Once installed, run the plugin by selecting two or more nucleotide sequences and clicking on Align/Assemble - Align Whole Genomes in the toolbar. Mauve is available as an option at the top of the Alignment options window.
The results are presented as a Mauve alignment document which displays the Mauve alignment view as a tab. This gives an overview of all genomes with related regions linked as colored blocks.
1.1.3 (15 Feb 2021) – Download for Geneious 2021.0
– Fixed a bug loading of annotations and contig boundaries for sequence lists missing accession numbers on contained sequences
– Updated some icons to be high res and fit the new UI.
– Updated wording of “Show Details” in exception dialog
– Prevented creating or viewing invalid alignments
1.1.1 (30 Oct 2017) – Download for Geneious 11.0
– Fixed DCJ analysis in most cases
– Added an option to save contigs in order as a sequence list or concatenated sequence when running MCM
– Mauve alignment exporter now exports referenced source genomes in Genbank flat format (better supported by current versions of Mauve)
– Mauve .backbone file is now saved; when exporting Mauve alignments in .xmfa format the .backbone file will also be exported if it is available
1.1.0 (29 Sep 2017) – Download for Geneious 11.0
– For multiple input documents, sequence lists are now assumed to contain sequences from a single genome (a single input sequence list is still treated as a list of complete genomes)
– The MCM (contig reordering) algorithm is now available
– Updated to latest Mauve development snapshots: 2015-02-26 (Windows), 2015-02-25 (Mac OS), 2015-02-13 (Linux 64 bit)

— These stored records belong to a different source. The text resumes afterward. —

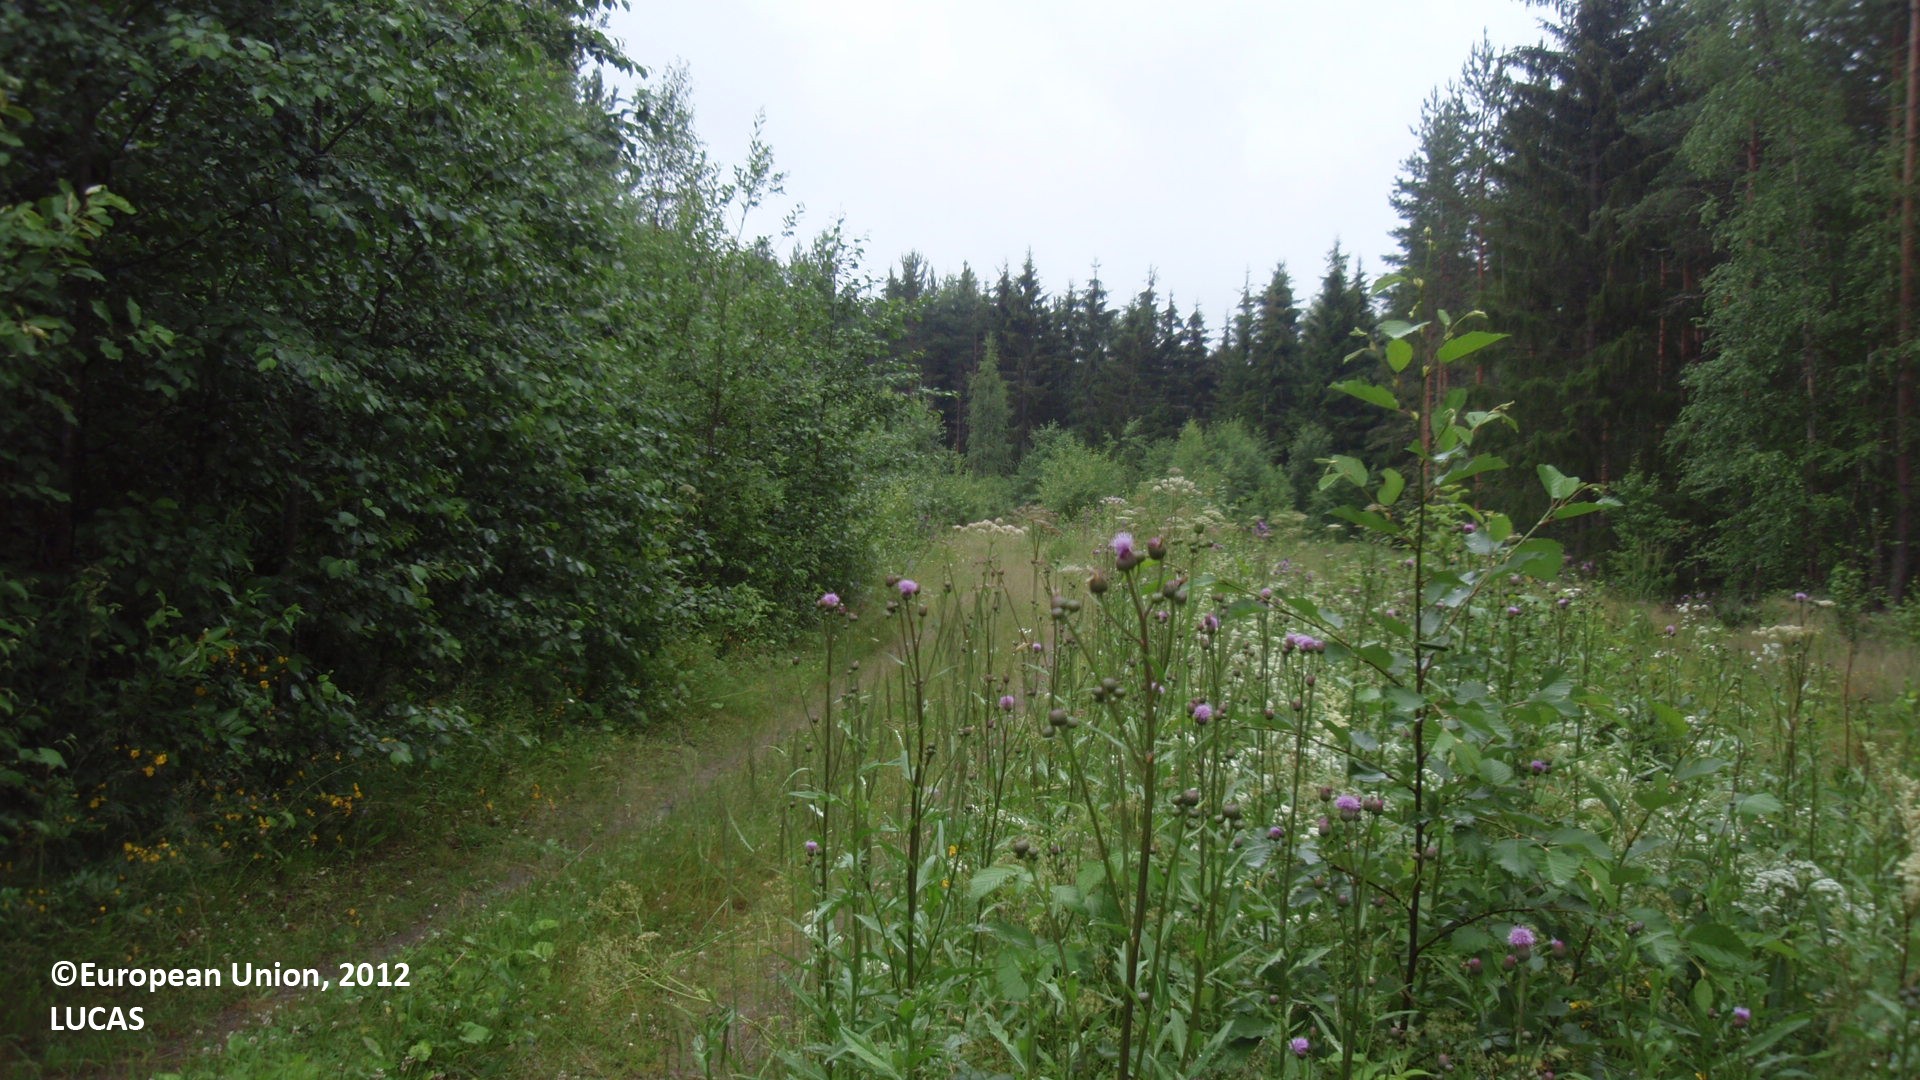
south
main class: Grassland
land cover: Spontaneously vegetated surfaces
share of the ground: > 75 %
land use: Forestry
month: July
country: FI
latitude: 61.1112
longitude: 28.8012

– Fixed bug where track data (such as qualifiers used for heatmap coloring) wasn’t copied to the Mauve result
1.0.5 (10 Mar 2017) – Download for Geneious 6.0
– Fixed a problem where import fails on valid XMFA file when there is no space in front of sequence number
– Fixed the importer producing nameless documents
– Made the operation failed dialogues more friendly
– Fixed a problem that caused alignments extracted from features in the genome alignment viewer to be offset by 1
– Fixed a problem where question mark nucleotides were being deleted by Mauve and causing annotations to be offset
– Now mentions when no alignment could be produced
0.6.11 (05 Jul 2012) – Download for Geneious 5.6
Supports annotation tracks
Aaron E. Darling, Bob Mau, and Nicole T. Perna. 2010. progressiveMauve: Multiple Genome Alignment with Gene Gain, Loss, and Rearrangement. PLoS One. 5(6):e11147.